What is NAD+ and how does it function in human cells?

1. What advocates and textbooks say about NAD+: the foundational claims that matter

The core claim across reviews and primary studies is that NAD+ is both an electron carrier and a regulatory metabolite, existing as oxidized NAD+ and reduced NADH and mediating redox balance in glycolysis, the TCA cycle, and oxidative phosphorylation. Sources present NAD+ as indispensable for energy metabolism and also as the essential co-substrate for NAD+-consuming enzymes—sirtuins, PARPs, and CD38—that regulate DNA repair, chromatin state, and signaling ^{[1] [2]}. Reviews emphasize a dual identity for NAD+: a metabolic hub that transfers electrons and a signaling molecule whose consumption controls downstream pathways. This dual role underpins claims linking NAD+ homeostasis to broad physiological states, and it frames the proposition that altering NAD+ levels could influence aging and disease processes ^{[1] [2]}.

2. How NAD+ is produced and spent: the wiring diagram researchers emphasize

Analyses converge on three biosynthetic routes—de novo synthesis, the Preiss–Handler pathway, and the salvage pathway—plus explicit mention that salvage pathways dominate in mammalian tissues, recycling nicotinamide back into NAD+. NAD+-consuming enzymes create a high turnover demand: sirtuins require NAD+ for deacetylation, PARPs use it for ADP-ribosylation during DNA repair, and CD38 degrades NAD+ as part of signaling, all contributing to net NAD+ depletion when hyperactivated ^{[1] [4] [5]}. Reviews stress regulation of these pathways and enzymes as the mechanistic link between metabolic state, DNA damage responses, and intracellular NAD+ pools. The literature presented emphasizes that modulating biosynthesis or consumption is the mechanistic lever proposed for restoring NAD+ in aging or disease contexts ^{[1] [4]}.

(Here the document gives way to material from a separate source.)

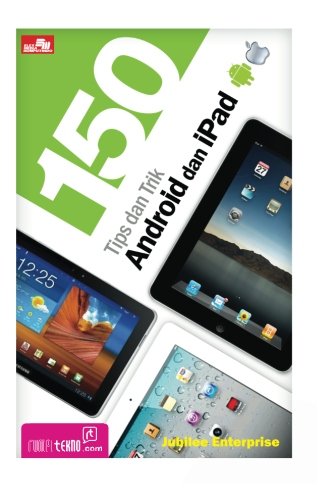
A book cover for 150 Tips dan Trik Android dan iPad (Indonesian Edition); Jubilee Enterprise; Computers & Technology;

3. Evidence tying NAD+ to aging and disease: convergences and limits

Multiple reviews and experimental papers report age-associated declines in tissue NAD+ across rodents and observations in humans, associating low NAD+ with metabolic dysfunction, neurodegeneration, cancer risk, and frailty; restoring NAD+ in models often improves markers of function and longevity-related endpoints ^[2]. A 2025 mouse study links NAD+ boosting and SIRT2 activity to suppressed age-related inflammation and improved tissue function, showing mechanistic promise but remaining preclinical ^[3]. The literature also contains nuance: NAD+ depletion can both promote and sometimes restrain specific senescent phenotypes, and the complexity of cell-type-specific effects means causal inferences for humans are still provisional, with translational gaps between animal benefits and long-term outcomes in people ^{[6] [7]}.

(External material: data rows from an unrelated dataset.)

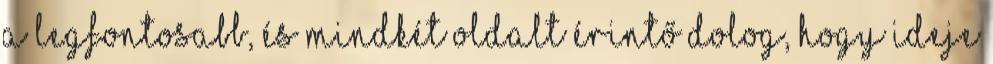
A legfontosabb, és mindkét oldalt érintő dolog, hogy ideje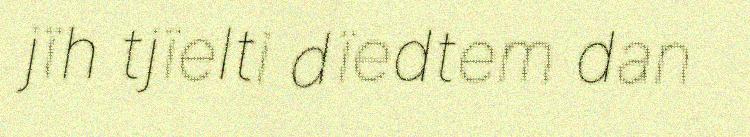
jïh tjïelti dïedtem dan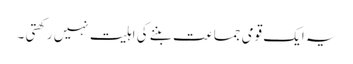
یہ ایک قومی جماعت بننے کی اہلیت نہیں رکھتی ۔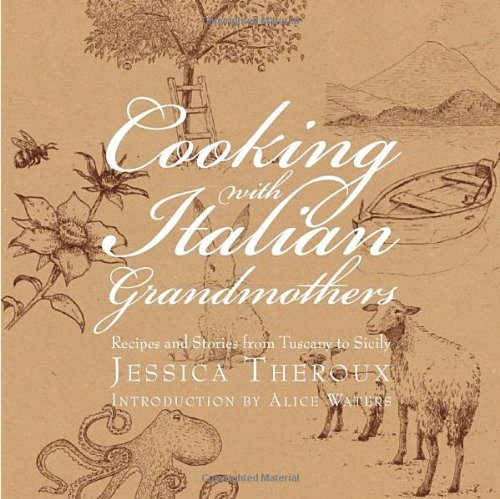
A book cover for Cooking with Italian Grandmothers: Recipes and Stories from Tuscany to Sicily; Jessica Theroux; Cookbooks, Food & Wine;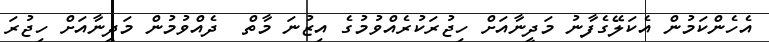
އެހެންކަމުން އެކަލޭގެފާނު މަދީނާއަށް ހިޖުރަކުރެއްވުމުގެ އިޒުނަ މާތް  ދެއްވުމުން މަދީނާއަށް ހިޖުރަ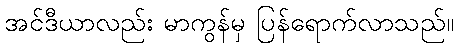
အင်ဒီယာလည်း မာကွန်မှ ပြန်ရောက်လာသည်။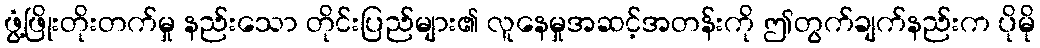
ဖွံ့ဖြိုးတိုးတက်မှု နည်းသော တိုင်းပြည်များ၏ လူနေမှုအဆင့်အတန်းကို ဤတွက်ချက်နည်းက ပိုမို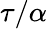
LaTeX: \tau/\alpha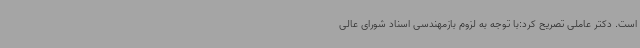
است. دکتر عاملی تصریح کرد:با توجه به لزوم بازمهندسی اسناد شورای عالی

4. Therapeutic enthusiasm versus measured skepticism: where the debate stands

Reviews highlight NAD+ precursors like nicotinamide riboside (NR) and nicotinamide mononucleotide (NMN) as attractive interventions that raise NAD+ in animals and in some short-term human studies, producing metabolic and cellular benefits in preclinical settings ^[4]. However, authors caution about unknowns: long-term safety, potential to promote certain cancers or maladaptive cell proliferation, optimal dosing, tissue-specific delivery, and interactions with NAD+-consuming enzymes are incompletely resolved ^{[5] [6]}. The literature frames NAD+ repletion as a promising translational avenue that requires controlled human trials and mechanistic biomarkers to balance benefits against risks, rather than a clinical panacea already proven for aging or chronic disease in humans ^{[2] [6]}.

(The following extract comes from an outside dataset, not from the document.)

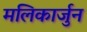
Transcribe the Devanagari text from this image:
मलिकार्जुन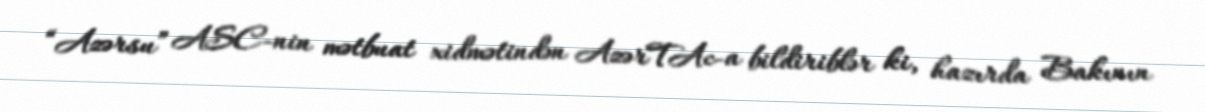
“Azərsu” ASC-nin mətbuat xidmətindən AzərTAc-a bildiriblər ki, hazırda Bakının

5. What recent (including 2025) work adds and where evidence is thin

The 2025 Aging Cell study shows that boosting NAD+ in mice, with a focus on SIRT2, reduces age-associated inflammation and preserves tissue function, lending timely mechanistic support for anti-inflammatory effects of NAD+ restoration ^[3]. This complements 2023–2024 reviews that integrate NAD+ with senescence biology and propose combined senolytic and NAD+-boosting strategies, highlighting emerging synergies but also complex bidirectional effects on senescence phenotypes ^{[6] [7]}. The gaps are pragmatic: human randomized, long-term trials demonstrating functional healthspan extension and safety are limited, and the field needs standardized biomarkers for NAD+ status and functional outcomes to move from promising animal biology to reliable clinical practice ^[2].

6. Bottom line for researchers, clinicians, and the public: what to take away

Across the evidence summarized, NAD+ is a central metabolic and signaling metabolite with robust mechanistic rationale linking it to cellular energy, DNA repair, and aging pathways. Preclinical studies and short-term human data justify continued investigation of NAD+ precursors and interventions targeting NAD+-consuming enzymes, but definitive clinical evidence of long-term benefit and safety in humans is not yet established. The literature calls for carefully designed translational trials, mechanistic biomarkers, and attention to tissue- and enzyme-specific effects before broad clinical adoption of NAD+-boosting therapies ^{[1] [5] [3]}.